治療コース終了時に診断用スクレイピングを行い.まだ変換されていない場合は治療を継続する。 必要に応じて薬剤感受性結果に応じてレジメンを変更し.陰性の場合は6ヵ月後に再度擦過し.2回陰性であれば臨床的に治癒したと判断する。
2.外科的治療
手術の適応
(1) 骨盤内腔に結核性膿瘍が形成され.薬物治療で沈静化しない場合。
(2) 定期的かつ適切な抗結核治療を行った後に再発した場合。
(3) 治癒しない長期の瘻孔。
(4)大きな被包性胸水が形成されている。
(5) 40歳以上で.著しい骨盤内腫瘤があり.子宮を温存しないと治療が困難なもの。

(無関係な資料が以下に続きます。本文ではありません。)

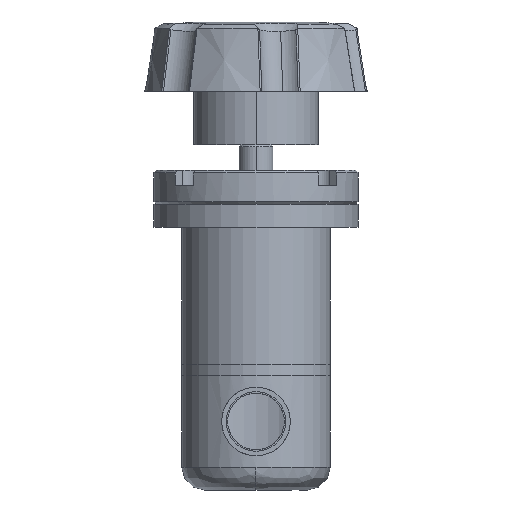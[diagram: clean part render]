
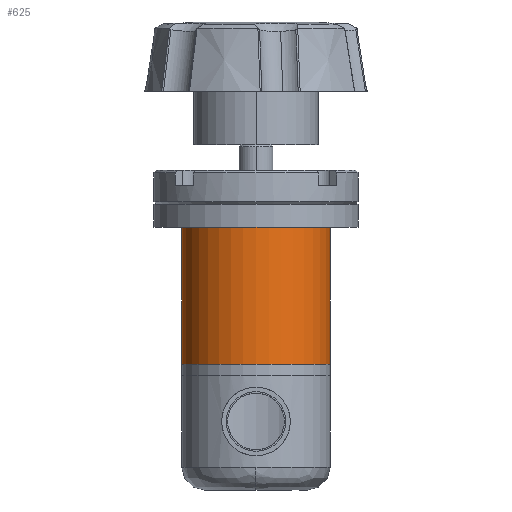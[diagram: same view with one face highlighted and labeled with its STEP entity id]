
A CAD part, front view. The second image highlights one B-rep face of the part: STEP entity #625.
In plain terms, the highlighted cylindrical face has radius 20.637 mm (diameter 41.275 mm), a partial arc.
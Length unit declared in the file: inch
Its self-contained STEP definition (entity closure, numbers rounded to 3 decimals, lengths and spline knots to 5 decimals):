
#550 = VERTEX_POINT ( 'NONE', #930 ) ;
#625 = ADVANCED_FACE ( 'NONE', ( #8246 ), #4974, .T. ) ;
#930 = CARTESIAN_POINT ( 'NONE',  ( 0.8125, 0., -0.78 ) ) ;
#1168 = VERTEX_POINT ( 'NONE', #4778 ) ;
#1502 = CARTESIAN_POINT ( 'NONE',  ( 0.8125, 0., 0.78 ) ) ;
#2453 = CARTESIAN_POINT ( 'NONE',  ( 0., 0., 0.76 ) ) ;
#2500 = CARTESIAN_POINT ( 'NONE',  ( -0.8125, 0., 0.76 ) ) ;
#2512 = LINE ( 'NONE', #1502, #7377 ) ;
#3383 = DIRECTION ( 'NONE',  ( -1., 0., 0. ) ) ;
#3768 = LINE ( 'NONE', #6848, #6464 ) ;
#3814 = CIRCLE ( 'NONE', #6341, 0.8125 ) ;
#3999 = CARTESIAN_POINT ( 'NONE',  ( 0., 0., -0.78 ) ) ;
#4058 = DIRECTION ( 'NONE',  ( 0., 0., -1. ) ) ;
#4381 = ORIENTED_EDGE ( 'NONE', *, *, #8347, .F. ) ;
#4393 = EDGE_CURVE ( 'NONE', #1168, #7823, #9335, .T. ) ;
#4778 = CARTESIAN_POINT ( 'NONE',  ( 0.8125, 0., 0.76 ) ) ;
#4915 = DIRECTION ( 'NONE',  ( -1., 0., 0. ) ) ;
#4933 = EDGE_CURVE ( 'NONE', #7823, #8810, #3768, .T. ) ;
#4950 = CARTESIAN_POINT ( 'NONE',  ( -0.8125, 0., -0.78 ) ) ;
#4974 = CYLINDRICAL_SURFACE ( 'NONE', #8530, 0.8125 ) ;
#5891 = ORIENTED_EDGE ( 'NONE', *, *, #7615, .T. ) ;
#6341 = AXIS2_PLACEMENT_3D ( 'NONE', #3999, #10376, #4915 ) ;
#6464 = VECTOR ( 'NONE', #4058, 39.37008 ) ;
#6848 = CARTESIAN_POINT ( 'NONE',  ( -0.8125, 0., 0.78 ) ) ;
#6980 = DIRECTION ( 'NONE',  ( 0., 0., -1. ) ) ;
#7160 = DIRECTION ( 'NONE',  ( 0., 0., -1. ) ) ;
#7377 = VECTOR ( 'NONE', #6980, 39.37008 ) ;
#7615 = EDGE_CURVE ( 'NONE', #8810, #550, #3814, .T. ) ;
#7620 = CARTESIAN_POINT ( 'NONE',  ( 0., 0., 0.78 ) ) ;
#7823 = VERTEX_POINT ( 'NONE', #2500 ) ;
#8236 = ORIENTED_EDGE ( 'NONE', *, *, #4933, .T. ) ;
#8246 = FACE_OUTER_BOUND ( 'NONE', #10236, .T. ) ;
#8347 = EDGE_CURVE ( 'NONE', #1168, #550, #2512, .T. ) ;
#8530 = AXIS2_PLACEMENT_3D ( 'NONE', #7620, #7160, #11298 ) ;
#8810 = VERTEX_POINT ( 'NONE', #4950 ) ;
#8842 = DIRECTION ( 'NONE',  ( 0., 0., -1. ) ) ;
#9335 = CIRCLE ( 'NONE', #11135, 0.8125 ) ;
#10236 = EDGE_LOOP ( 'NONE', ( #4381, #11699, #8236, #5891 ) ) ;
#10376 = DIRECTION ( 'NONE',  ( 0., 0., 1. ) ) ;
#11135 = AXIS2_PLACEMENT_3D ( 'NONE', #2453, #8842, #3383 ) ;
#11298 = DIRECTION ( 'NONE',  ( -1., 0., 0. ) ) ;
#11699 = ORIENTED_EDGE ( 'NONE', *, *, #4393, .T. ) ;

手術中に結節が広がるのを防ぎ.癒着を抑えて手術を有利に進めるために.手術前に1~2ヶ月間抗結核薬を使用し.手術後も抗結核薬を十分なコースまで継続して完治させる必要があります。 手術の範囲は.年齢と病変の範囲によって決定する必要があります。 閉経前後の女性では.両側付属器および子宮の全摘出が望ましく.若い女性では卵巣機能を可能な限り温存する必要があります。 卵管と卵巣が大きな塊になってしまい.卵管と卵巣を分離できない場合に.子宮と付属器を一緒に摘出することができます。 剖検でカゼ状の壊死や膿瘍を認めない場合は.卵巣の温存を検討することがあります。

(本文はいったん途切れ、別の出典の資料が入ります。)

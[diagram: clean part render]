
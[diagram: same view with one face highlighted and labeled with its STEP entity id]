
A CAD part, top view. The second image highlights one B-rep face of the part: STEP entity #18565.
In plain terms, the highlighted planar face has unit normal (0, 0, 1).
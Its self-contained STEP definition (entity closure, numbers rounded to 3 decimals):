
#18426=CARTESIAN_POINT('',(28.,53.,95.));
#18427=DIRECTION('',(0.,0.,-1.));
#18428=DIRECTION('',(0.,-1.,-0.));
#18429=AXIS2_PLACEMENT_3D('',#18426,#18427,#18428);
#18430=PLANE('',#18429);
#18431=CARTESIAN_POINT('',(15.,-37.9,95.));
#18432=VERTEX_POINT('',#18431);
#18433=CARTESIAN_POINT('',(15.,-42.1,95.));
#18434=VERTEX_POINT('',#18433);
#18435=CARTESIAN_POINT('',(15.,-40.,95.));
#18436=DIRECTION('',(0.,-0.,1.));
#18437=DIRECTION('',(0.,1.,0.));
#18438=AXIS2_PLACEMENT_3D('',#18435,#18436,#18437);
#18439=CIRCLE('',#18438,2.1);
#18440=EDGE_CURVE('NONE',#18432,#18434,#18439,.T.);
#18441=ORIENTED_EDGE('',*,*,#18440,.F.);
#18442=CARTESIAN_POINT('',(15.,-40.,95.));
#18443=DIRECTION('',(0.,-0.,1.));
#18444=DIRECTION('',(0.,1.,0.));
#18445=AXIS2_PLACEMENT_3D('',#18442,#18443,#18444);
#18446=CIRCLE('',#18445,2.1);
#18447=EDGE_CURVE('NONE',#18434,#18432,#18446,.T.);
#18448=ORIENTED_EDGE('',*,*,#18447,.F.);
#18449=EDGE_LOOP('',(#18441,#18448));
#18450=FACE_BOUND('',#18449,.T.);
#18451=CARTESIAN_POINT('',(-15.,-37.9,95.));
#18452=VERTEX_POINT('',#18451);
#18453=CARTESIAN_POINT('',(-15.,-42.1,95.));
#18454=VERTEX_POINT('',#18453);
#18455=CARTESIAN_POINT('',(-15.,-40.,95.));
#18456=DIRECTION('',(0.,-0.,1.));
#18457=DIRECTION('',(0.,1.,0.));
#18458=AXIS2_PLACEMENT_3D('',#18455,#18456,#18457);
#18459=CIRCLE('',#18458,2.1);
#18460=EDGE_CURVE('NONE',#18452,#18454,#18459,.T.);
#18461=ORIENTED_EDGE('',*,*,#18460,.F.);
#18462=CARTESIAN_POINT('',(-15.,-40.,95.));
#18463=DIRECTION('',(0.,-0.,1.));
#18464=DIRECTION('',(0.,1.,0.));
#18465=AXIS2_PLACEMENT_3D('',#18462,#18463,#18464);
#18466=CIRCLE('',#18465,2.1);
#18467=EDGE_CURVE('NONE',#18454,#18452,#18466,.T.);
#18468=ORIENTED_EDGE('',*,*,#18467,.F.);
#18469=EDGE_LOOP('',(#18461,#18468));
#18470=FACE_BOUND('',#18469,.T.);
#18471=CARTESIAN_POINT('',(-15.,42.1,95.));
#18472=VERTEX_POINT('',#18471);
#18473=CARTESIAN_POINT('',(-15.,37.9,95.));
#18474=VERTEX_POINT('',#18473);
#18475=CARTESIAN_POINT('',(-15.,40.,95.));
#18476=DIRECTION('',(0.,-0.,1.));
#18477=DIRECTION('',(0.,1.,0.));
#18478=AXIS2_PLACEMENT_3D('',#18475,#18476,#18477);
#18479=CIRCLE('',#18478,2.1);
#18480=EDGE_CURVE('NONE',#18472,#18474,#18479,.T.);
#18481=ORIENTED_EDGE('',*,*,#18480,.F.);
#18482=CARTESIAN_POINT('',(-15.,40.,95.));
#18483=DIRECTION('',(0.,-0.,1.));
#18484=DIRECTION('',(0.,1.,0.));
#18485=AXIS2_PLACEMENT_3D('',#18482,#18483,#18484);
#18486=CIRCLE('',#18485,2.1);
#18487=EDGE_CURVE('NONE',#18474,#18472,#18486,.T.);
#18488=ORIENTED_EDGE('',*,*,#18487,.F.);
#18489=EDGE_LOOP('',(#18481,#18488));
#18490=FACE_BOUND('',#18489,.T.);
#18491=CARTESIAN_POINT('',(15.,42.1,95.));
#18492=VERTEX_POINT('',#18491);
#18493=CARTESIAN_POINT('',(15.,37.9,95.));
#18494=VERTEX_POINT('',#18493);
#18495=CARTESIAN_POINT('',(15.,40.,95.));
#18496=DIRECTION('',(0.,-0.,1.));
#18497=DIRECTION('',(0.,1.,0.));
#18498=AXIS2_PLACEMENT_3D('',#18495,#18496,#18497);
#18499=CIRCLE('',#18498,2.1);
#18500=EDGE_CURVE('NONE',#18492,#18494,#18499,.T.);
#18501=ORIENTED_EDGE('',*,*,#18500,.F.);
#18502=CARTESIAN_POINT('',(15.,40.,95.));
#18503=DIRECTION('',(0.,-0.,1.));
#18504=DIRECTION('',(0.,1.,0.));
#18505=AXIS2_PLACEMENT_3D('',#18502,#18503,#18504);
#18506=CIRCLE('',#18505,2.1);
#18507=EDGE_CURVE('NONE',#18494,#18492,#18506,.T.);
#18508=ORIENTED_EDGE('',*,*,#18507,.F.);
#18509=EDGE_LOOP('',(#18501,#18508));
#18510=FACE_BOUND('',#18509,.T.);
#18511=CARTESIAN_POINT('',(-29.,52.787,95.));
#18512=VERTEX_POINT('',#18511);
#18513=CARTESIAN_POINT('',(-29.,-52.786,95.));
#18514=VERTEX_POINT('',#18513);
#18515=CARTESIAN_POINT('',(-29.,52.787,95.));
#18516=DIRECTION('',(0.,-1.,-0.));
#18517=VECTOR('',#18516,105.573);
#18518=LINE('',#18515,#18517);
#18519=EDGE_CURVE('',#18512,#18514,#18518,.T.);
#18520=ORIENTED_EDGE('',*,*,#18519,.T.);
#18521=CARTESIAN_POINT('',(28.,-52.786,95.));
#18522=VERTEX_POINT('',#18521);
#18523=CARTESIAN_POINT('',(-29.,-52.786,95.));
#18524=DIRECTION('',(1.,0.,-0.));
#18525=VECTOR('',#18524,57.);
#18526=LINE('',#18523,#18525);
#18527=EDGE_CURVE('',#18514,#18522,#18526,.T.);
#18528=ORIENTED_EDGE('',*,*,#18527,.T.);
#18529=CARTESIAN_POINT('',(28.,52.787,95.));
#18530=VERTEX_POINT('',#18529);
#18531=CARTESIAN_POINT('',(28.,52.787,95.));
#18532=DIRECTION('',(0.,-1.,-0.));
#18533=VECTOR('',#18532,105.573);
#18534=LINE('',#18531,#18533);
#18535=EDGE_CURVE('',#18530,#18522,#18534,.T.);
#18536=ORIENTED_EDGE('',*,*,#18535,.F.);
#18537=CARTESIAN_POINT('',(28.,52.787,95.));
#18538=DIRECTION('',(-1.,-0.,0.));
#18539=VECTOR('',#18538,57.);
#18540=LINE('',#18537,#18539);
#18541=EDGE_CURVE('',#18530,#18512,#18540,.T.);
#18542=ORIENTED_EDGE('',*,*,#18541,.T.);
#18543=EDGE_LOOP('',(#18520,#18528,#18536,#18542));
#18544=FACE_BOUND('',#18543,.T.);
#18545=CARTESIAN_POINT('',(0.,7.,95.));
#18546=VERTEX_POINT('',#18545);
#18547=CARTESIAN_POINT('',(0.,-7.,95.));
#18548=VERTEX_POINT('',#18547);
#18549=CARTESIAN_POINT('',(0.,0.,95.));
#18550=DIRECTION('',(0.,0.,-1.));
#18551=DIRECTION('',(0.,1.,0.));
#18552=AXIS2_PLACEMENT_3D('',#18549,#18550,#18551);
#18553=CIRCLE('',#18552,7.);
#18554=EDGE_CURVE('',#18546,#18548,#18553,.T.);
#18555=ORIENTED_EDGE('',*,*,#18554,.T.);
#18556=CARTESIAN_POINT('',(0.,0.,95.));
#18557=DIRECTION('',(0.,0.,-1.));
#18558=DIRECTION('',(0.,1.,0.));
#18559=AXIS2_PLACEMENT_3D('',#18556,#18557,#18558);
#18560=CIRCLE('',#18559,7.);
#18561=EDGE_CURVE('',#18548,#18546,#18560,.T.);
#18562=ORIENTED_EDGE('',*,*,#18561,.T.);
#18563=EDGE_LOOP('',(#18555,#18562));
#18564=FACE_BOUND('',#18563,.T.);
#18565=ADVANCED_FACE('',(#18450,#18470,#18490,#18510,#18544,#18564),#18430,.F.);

骨盤結核の場合.癒着が広範囲かつ高密度であるため.手術による剥離は困難であり.不本意ながら実施すると不必要な損傷を与える可能性があります。
予後について
抗結核治療を速やかに行えば予後は良くなるが.不妊症の場合は悪くなる。 結核による卵管の障害は深刻であるため.抗結核薬を十分に服用しても自然妊娠が得られる可能性は低く.生殖能力を必要とする場合は人工授精の技術を用いることができます。 しかし.子宮内膜の損傷が激しいと.人工授精を行っても妊娠に至りません。
予防
体を鍛えて.BCG接種を受け.結核.リンパ節結核.腸結核の予防と治療に積極的に取り組みましょう。
結論
性器結核は.経過が遅く.典型的な症状がない.あるいは症状がないため.見落とされがちです。 臨床的には慢性骨盤炎症性疾患.月経障害.不妊症と思われていたものが.性器結核であることが判明するケースも多く.注意が必要である。 したがって.原発性不妊症.月経障害.特に少量出血や無月経.微熱や寝汗.長期間治癒していない慢性骨盤内炎症性疾患がある場合は.性器結核の可能性を考慮する必要があります。 最も重要な検査は.卵管のヨード油画像検査.子宮内膜生検(子宮内膜掻爬や子宮鏡検査を含む).月経血や子宮内膜の結核菌培養.腹腔鏡や帝王切開.結核菌感染のT細胞テストです。 臨床的には子宮内膜の検体が得やすく.侵襲性も低いので.子宮内膜の病理検査や卵管のヨード油像が結核の診断確定に有用であることが多い。 確定診断.あるいは高度に疑われる場合は.直ちに通常の抗結核薬で治療する必要があります。 体外受精などの人工妊娠の可能性を見るには.通常の抗結核治療後.一定期間が経過する必要があります。 卵管のみが不全で.子宮内膜が基本的に正常であれば.体外受精が成功することもありますが.子宮内膜の損傷が激しく.体外受精でも妊娠が不可能な場合は.無理に行わない方がよいでしょう。